# (New) Paragon signal issues



## Zakoby (Aug 25, 2019)

I’m new to building and have had success in the couple builds I’ve done so far. I’ve posted here hoping someone with troubleshooting experience may help as it’s beyond my abilities at this point. 

I’ve just finished a Paragon (new version) and have  no switch function. There is anywhere from 14-16v sitting on the left switch but only .25v on the right. No bypass signal. LEDs are dim and do not change state when switched. Could this be a switch issue or something else? 

Any help would be much appreciated.


----------



## Robert (Aug 25, 2019)

Can you post a picture of your build?


----------



## Zakoby (Aug 25, 2019)

I remove the LED when I thought the leads might have shorted on the LED holder but the problem still exists.


----------



## Robert (Aug 25, 2019)

Your footswitches are installed incorrectly.   They're rotated 90 degrees in the board. 

Let me see if I have an extra, the chances of removing them without destroying a pad is _very _slim.


----------



## Zakoby (Aug 25, 2019)

Thanks for the quick reply. I’ll attempt removal but I have more switches if necessary. 

If I needed to wire the switches in (eliminating the breakout board) would I follow Pedal PCB standards for other switching? Re: the board is not labelled and the jack jumpers are run through the main PCB. If you have a wiring diagram to do this I’ll just eliminate the breakout board altogether.


----------



## Robert (Aug 25, 2019)

The wiring is slightly different from the usual diagram.   I'll post a pinout for you in just a bit.


----------



## jpjindex (Aug 26, 2019)

Hi.. I'm facing grounding problems with the Paragon splited board. The same the picture above.
If I connect the enclosure to the ground the right led is on regardless of the position of the right switch. It's always on.
If I disconnect the enclosure to the ground this problem disappears but obviously the hum is tremendous due to the lack of shielding.

Any hint?
Thanks

Jones - Brazil

ps: I've bypassed the charge pump TC1044 because I use a +18V power supply


----------



## Zakoby (Aug 29, 2019)

Robert said:


> The wiring is slightly different from the usual diagram.   I'll post a pinout for you in just a bit.

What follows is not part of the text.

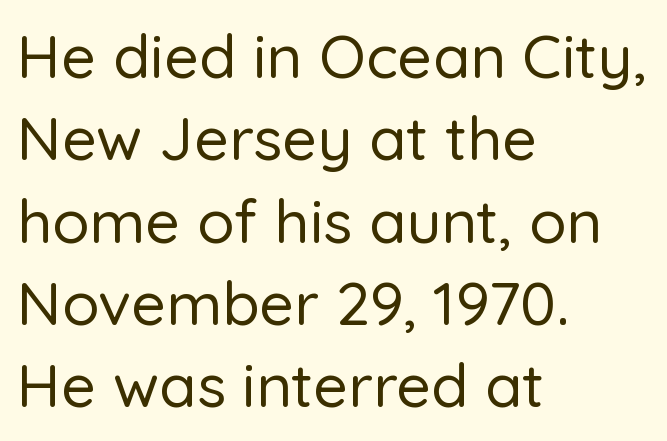
{"serif": "no", "italic": "no", "width": "normal", "stroke_contrast": "low", "x_height": "medium", "monospaced": "no", "underline": "no", "align": "left", "line_spacing": "normal", "line_spacing_ratio": 1.35, "letter_spacing": "normal", "letter_spacing_em": 0.0, "glyph_px": 61}

Gee wizz, so I managed to get the switches out. That was stupid. Flipped ‘em a solid 90 degrees and voila! It worked, sort of. No bypass signal now. No LED either. 

Side note: I did originally have the same issue as Jones where, only the right Led was illuminated when grounded. 

Welp I’d say this thing sounds fantastic I’d just like it to do what it’s intended to. Any thoughts?


----------



## zgrav (Aug 29, 2019)

you may have damaged your footswitches or the trace connections to the switches on the pcb in the process.  use your DMM to test if each of the pins in the middle row of the switches is connecting to the corresponding pins in the outside rows when you activate the switch.   you can pay particular attention to the parts that connect to the bypass and the LED, since those aren't working.


----------



## Musicislife6984 (Nov 26, 2021)

Robert said:


> The wiring is slightly different from the usual diagram.   I'll post a pinout for you in just a bit.


I was wondering If I could get a pinout. I wanted to install a midi controlled footswitch in mine.


----------